- **Exercise objective**:
How many of the lines below hold "footer"? Only the number, please.

- **Supplied material**:
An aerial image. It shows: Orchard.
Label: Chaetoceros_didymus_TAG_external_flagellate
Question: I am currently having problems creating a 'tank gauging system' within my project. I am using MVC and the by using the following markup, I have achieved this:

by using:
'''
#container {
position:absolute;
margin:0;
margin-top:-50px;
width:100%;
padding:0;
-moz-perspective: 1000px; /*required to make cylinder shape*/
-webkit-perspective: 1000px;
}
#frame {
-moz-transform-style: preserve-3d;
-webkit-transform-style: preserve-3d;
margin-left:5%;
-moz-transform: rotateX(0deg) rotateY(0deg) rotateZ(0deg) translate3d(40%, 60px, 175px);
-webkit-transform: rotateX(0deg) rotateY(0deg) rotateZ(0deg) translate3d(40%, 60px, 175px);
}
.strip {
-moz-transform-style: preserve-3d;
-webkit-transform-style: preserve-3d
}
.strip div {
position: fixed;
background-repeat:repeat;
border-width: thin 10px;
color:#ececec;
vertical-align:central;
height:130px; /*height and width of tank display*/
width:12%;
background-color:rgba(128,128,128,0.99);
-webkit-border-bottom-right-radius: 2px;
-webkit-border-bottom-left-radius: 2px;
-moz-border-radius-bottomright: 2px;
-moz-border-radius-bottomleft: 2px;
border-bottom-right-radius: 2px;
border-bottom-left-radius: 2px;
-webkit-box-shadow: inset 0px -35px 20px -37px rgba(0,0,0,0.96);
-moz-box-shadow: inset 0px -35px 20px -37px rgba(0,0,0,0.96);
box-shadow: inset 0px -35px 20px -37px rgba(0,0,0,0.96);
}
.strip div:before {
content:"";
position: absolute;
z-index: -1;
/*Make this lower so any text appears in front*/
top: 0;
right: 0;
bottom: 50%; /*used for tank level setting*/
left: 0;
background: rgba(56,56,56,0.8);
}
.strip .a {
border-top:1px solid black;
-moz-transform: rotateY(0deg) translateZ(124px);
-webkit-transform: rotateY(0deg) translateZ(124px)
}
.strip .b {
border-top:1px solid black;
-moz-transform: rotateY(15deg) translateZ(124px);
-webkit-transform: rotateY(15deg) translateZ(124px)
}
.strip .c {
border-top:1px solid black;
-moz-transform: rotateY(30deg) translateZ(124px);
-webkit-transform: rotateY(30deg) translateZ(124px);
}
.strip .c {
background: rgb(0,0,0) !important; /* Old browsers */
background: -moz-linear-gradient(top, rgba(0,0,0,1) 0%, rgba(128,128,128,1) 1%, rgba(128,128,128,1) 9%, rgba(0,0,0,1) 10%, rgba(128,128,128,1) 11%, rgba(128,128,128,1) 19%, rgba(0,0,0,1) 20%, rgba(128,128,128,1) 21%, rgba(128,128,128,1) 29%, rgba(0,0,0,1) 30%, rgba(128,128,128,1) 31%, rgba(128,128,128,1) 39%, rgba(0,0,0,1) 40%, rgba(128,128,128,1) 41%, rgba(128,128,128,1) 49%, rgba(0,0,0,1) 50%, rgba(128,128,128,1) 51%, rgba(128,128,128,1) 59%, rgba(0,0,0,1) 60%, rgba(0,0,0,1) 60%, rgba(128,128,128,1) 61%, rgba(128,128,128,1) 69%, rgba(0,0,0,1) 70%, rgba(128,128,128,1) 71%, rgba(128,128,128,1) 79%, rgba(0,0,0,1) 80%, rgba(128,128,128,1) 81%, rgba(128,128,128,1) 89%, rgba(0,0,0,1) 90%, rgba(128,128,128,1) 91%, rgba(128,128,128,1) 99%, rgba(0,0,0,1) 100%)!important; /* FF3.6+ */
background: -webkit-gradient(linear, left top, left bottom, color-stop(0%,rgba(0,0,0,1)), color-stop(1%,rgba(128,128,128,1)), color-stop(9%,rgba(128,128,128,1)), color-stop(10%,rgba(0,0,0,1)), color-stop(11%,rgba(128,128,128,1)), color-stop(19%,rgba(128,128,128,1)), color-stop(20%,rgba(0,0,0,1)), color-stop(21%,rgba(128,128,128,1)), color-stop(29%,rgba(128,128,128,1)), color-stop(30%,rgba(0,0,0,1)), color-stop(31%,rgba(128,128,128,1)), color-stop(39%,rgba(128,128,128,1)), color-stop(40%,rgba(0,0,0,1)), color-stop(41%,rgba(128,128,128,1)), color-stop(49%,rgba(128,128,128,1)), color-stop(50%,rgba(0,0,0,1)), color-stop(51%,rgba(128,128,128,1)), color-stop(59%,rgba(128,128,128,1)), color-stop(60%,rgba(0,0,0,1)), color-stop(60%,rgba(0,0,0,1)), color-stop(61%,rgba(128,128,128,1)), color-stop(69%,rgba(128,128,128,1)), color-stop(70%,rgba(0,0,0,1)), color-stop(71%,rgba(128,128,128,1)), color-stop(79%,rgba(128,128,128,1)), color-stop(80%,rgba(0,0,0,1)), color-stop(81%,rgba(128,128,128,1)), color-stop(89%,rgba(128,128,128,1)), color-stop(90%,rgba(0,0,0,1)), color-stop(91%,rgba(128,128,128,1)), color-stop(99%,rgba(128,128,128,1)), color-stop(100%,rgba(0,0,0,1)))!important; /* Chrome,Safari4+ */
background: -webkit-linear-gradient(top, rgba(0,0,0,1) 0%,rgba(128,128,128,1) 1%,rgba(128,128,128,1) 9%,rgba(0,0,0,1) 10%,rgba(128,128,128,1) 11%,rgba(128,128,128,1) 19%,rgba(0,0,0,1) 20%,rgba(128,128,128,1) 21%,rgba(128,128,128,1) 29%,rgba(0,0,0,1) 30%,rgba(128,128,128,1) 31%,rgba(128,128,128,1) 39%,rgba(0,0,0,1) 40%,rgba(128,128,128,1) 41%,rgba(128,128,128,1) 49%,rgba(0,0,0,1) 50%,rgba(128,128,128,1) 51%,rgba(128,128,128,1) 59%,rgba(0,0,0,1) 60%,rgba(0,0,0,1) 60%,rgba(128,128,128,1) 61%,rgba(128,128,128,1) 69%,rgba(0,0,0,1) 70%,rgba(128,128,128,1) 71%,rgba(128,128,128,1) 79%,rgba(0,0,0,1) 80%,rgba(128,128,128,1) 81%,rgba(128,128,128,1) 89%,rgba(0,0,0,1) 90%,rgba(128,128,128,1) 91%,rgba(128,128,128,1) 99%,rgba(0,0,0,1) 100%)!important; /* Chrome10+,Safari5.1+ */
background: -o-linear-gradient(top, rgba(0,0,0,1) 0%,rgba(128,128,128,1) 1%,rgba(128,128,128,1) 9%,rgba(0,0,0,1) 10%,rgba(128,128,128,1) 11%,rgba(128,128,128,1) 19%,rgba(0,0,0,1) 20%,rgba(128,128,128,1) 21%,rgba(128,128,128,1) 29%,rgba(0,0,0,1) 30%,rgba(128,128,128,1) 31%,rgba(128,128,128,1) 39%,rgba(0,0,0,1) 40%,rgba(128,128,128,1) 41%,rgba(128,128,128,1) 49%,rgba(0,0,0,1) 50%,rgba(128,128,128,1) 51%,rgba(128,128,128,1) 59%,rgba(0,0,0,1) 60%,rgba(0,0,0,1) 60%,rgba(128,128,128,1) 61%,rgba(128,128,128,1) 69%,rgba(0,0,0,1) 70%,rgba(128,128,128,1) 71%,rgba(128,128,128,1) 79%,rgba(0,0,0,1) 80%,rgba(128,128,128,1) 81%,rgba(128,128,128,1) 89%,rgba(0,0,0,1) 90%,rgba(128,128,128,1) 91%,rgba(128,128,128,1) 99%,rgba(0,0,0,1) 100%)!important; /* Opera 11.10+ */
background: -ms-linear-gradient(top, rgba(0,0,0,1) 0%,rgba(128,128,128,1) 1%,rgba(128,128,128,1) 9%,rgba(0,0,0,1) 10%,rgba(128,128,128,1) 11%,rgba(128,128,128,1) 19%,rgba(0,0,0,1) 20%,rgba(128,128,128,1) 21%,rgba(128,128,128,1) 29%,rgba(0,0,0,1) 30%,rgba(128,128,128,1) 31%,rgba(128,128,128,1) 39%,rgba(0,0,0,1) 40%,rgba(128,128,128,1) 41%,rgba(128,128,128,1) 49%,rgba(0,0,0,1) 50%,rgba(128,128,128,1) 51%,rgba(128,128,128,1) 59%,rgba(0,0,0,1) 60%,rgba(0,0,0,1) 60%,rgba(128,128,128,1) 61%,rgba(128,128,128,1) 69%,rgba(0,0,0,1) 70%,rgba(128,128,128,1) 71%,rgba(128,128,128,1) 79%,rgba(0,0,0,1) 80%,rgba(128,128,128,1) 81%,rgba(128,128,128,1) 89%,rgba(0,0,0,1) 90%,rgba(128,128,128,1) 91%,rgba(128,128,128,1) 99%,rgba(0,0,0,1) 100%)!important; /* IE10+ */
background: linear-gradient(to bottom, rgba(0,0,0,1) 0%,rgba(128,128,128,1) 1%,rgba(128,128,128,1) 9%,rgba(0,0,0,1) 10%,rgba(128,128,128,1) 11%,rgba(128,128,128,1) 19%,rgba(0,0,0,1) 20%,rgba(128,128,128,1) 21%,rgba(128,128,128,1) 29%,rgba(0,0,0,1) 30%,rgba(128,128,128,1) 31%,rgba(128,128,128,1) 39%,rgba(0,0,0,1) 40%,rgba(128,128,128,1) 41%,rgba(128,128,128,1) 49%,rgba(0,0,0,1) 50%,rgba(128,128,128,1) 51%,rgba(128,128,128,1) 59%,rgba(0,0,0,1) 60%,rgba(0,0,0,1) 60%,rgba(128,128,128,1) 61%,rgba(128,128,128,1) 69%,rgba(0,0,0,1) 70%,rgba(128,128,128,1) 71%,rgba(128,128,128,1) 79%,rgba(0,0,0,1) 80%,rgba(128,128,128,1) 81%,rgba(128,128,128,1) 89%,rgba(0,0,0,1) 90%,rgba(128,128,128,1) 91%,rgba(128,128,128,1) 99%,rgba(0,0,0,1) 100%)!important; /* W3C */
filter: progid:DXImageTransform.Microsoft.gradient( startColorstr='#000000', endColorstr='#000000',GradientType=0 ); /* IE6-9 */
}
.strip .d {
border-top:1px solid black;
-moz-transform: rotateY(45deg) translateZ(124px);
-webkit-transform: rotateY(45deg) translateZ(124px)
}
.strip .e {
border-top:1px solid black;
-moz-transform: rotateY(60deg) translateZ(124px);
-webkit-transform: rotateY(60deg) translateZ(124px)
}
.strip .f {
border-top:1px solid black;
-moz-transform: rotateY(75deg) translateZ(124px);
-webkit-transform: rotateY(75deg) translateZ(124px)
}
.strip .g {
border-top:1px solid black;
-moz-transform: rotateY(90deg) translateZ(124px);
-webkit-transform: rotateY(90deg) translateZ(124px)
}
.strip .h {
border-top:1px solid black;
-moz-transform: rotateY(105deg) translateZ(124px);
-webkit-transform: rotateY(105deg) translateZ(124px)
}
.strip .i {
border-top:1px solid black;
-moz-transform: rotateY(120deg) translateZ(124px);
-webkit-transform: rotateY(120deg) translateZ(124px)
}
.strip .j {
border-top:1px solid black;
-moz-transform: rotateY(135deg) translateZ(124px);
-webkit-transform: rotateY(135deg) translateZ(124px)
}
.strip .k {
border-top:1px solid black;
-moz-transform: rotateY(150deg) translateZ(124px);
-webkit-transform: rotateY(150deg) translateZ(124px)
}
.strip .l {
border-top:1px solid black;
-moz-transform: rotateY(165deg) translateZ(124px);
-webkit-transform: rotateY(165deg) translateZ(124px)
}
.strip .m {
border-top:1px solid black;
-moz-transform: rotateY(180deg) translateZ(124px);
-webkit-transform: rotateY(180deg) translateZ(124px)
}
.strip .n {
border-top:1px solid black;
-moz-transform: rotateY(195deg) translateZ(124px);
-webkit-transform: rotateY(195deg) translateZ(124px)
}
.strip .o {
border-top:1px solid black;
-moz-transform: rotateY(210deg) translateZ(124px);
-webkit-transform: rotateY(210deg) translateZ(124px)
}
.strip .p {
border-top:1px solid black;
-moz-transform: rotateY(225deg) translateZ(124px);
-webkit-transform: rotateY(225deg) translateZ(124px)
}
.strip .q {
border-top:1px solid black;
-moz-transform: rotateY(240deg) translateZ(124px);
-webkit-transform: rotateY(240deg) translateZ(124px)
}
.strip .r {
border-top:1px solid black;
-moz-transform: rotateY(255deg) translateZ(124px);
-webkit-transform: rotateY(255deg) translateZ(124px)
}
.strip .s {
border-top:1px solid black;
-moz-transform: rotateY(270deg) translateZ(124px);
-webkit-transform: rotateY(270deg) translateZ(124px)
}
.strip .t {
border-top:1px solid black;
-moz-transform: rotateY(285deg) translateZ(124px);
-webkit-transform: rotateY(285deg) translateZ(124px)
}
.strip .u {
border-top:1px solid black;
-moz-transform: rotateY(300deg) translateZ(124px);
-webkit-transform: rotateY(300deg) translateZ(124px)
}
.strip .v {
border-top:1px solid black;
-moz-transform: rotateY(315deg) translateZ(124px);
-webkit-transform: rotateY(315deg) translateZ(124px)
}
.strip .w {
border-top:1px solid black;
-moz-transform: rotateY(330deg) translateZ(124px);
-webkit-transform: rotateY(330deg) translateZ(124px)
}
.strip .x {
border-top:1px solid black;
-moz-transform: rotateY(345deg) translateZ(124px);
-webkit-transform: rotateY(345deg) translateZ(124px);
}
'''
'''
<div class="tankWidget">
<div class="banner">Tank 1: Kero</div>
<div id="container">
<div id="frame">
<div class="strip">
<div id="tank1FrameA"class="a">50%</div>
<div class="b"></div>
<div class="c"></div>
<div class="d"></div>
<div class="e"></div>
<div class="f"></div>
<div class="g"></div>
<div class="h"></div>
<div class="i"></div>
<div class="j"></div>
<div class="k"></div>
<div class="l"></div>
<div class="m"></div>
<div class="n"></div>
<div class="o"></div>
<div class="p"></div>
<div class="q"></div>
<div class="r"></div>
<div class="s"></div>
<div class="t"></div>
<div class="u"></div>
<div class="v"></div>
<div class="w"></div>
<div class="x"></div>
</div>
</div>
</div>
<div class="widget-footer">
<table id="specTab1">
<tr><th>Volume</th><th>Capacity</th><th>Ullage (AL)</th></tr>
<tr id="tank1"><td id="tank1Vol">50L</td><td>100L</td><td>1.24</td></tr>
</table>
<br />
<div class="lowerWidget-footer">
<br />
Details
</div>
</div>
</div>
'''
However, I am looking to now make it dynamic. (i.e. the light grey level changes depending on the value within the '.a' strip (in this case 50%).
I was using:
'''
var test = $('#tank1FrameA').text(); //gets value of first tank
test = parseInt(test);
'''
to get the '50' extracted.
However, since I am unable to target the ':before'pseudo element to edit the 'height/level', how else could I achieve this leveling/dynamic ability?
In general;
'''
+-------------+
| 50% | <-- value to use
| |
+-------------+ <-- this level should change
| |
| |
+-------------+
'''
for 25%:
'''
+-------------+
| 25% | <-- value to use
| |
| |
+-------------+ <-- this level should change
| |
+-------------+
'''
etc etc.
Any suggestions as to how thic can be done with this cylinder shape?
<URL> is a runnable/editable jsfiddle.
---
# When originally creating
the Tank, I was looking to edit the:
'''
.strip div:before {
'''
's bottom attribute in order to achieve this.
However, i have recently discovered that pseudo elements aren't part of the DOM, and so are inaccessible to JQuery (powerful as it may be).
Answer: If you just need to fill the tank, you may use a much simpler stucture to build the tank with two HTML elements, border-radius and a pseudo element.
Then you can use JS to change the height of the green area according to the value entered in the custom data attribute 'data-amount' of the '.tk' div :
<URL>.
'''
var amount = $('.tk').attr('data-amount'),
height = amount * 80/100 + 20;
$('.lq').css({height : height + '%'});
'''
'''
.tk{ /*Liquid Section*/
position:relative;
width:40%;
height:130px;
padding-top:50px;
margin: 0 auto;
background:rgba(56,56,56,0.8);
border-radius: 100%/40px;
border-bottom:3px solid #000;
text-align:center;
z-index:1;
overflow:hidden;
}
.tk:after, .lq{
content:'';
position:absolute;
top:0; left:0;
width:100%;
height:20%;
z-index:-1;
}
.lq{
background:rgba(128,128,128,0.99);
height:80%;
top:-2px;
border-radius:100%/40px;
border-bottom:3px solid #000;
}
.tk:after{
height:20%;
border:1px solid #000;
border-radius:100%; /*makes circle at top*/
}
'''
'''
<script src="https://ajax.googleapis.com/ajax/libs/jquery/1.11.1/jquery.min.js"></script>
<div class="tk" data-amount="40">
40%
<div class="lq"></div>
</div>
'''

- **Task result**:
2